** Material shown follows **

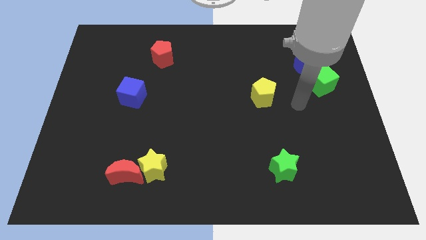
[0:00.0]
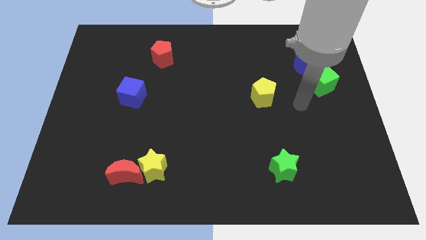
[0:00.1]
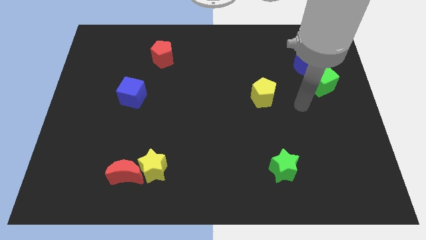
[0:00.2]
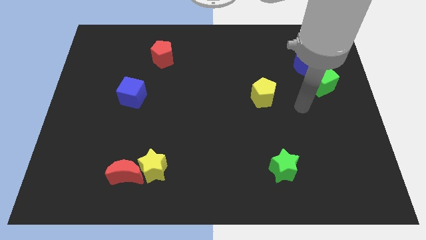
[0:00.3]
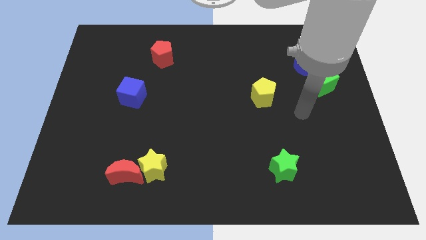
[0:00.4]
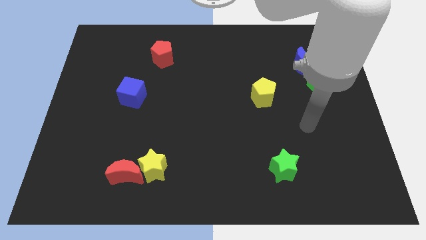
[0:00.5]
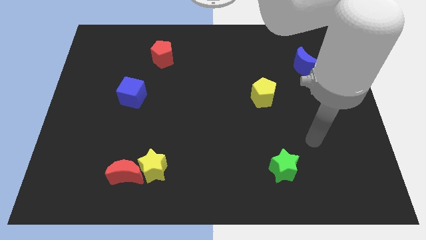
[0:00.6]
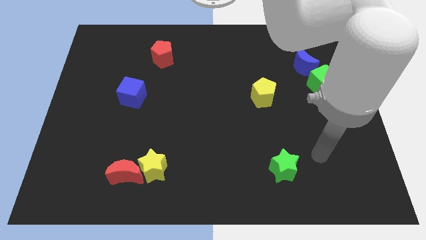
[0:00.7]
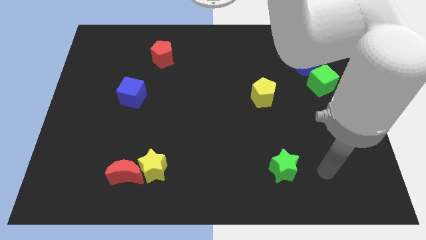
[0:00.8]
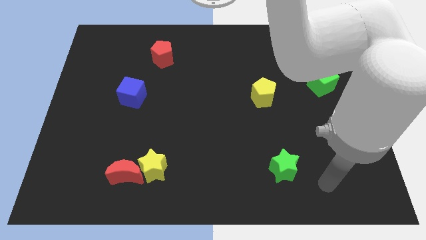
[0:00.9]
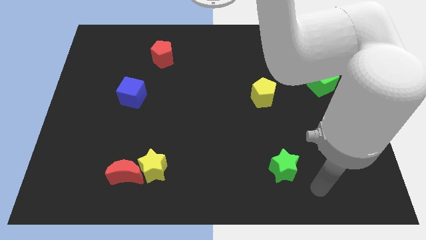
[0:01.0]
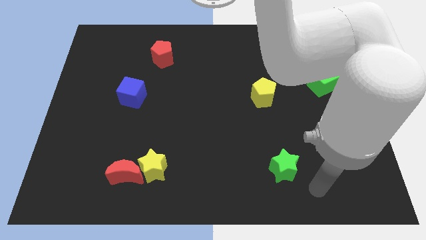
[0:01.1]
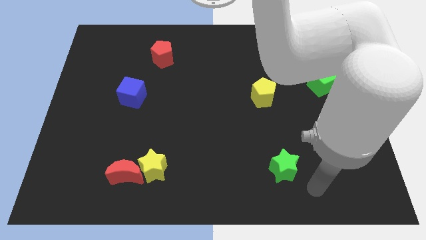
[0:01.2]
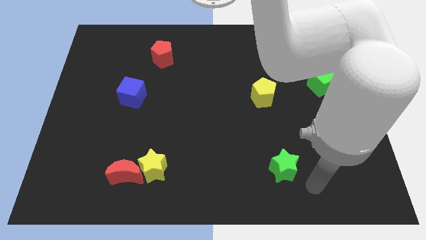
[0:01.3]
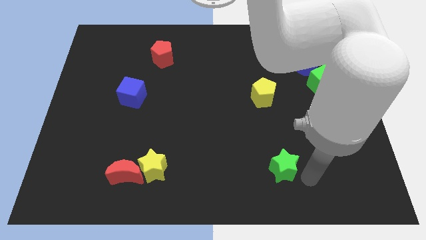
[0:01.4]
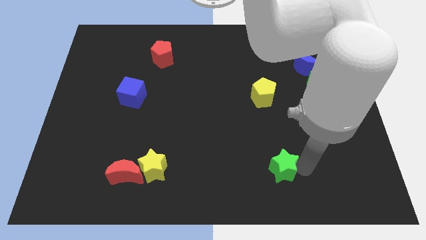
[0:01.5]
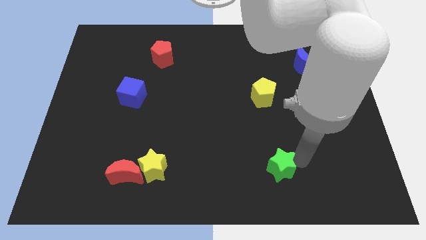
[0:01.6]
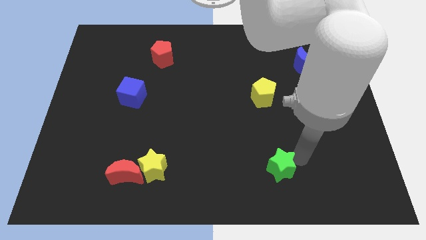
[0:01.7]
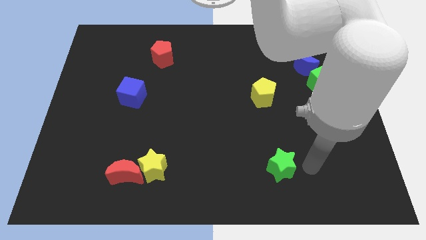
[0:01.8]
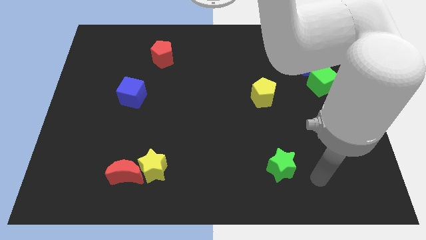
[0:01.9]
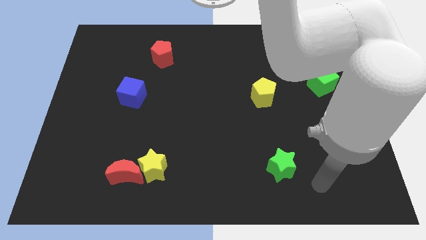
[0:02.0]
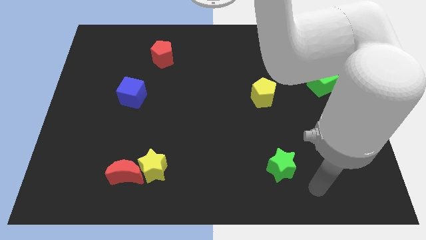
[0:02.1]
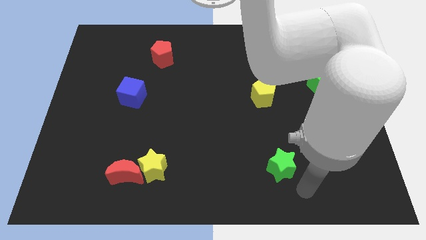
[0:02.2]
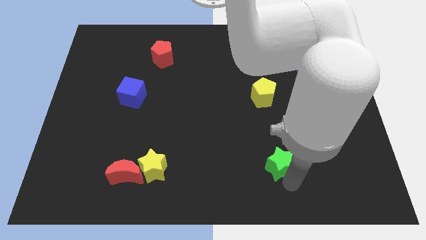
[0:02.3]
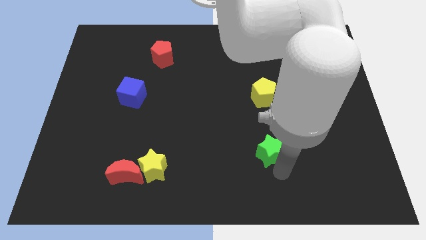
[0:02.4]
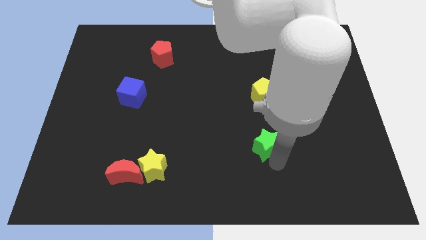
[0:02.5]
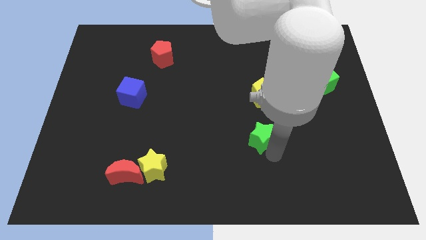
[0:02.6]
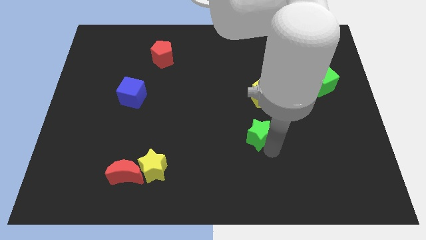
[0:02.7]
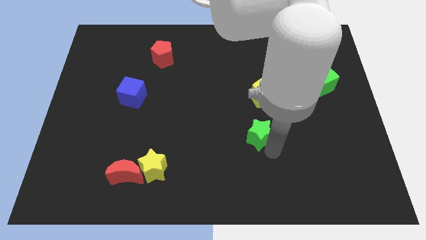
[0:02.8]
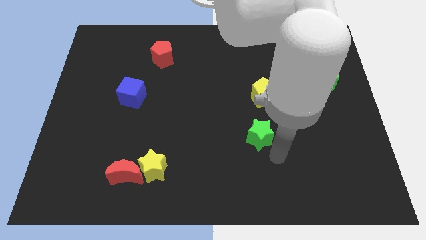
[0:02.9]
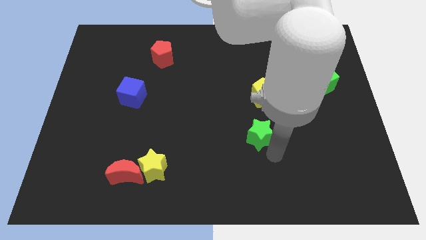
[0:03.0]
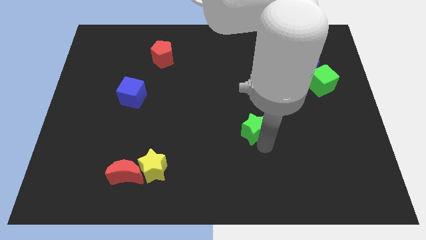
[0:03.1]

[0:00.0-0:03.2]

** End of Material shown **

Problem description. Skip the pictures and reproduce all remaining entries exactly.

Final answer.
[0:00.0]
[0:00.1]
[0:00.2]
[0:00.3]
[0:00.4]
[0:00.5]
[0:00.6]
[0:00.7]
[0:00.8]
[0:00.9]
[0:01.0]
[0:01.1]
[0:01.2]
[0:01.3]
[0:01.4]
[0:01.5]
[0:01.6]
[0:01.7]
[0:01.8]
[0:01.9]
[0:02.0]
[0:02.1]
[0:02.2]
[0:02.3]
[0:02.4]
[0:02.5]
[0:02.6]
[0:02.7]
[0:02.8]
[0:02.9]
[0:03.0]
[0:03.1]

[0:00.0-0:03.2]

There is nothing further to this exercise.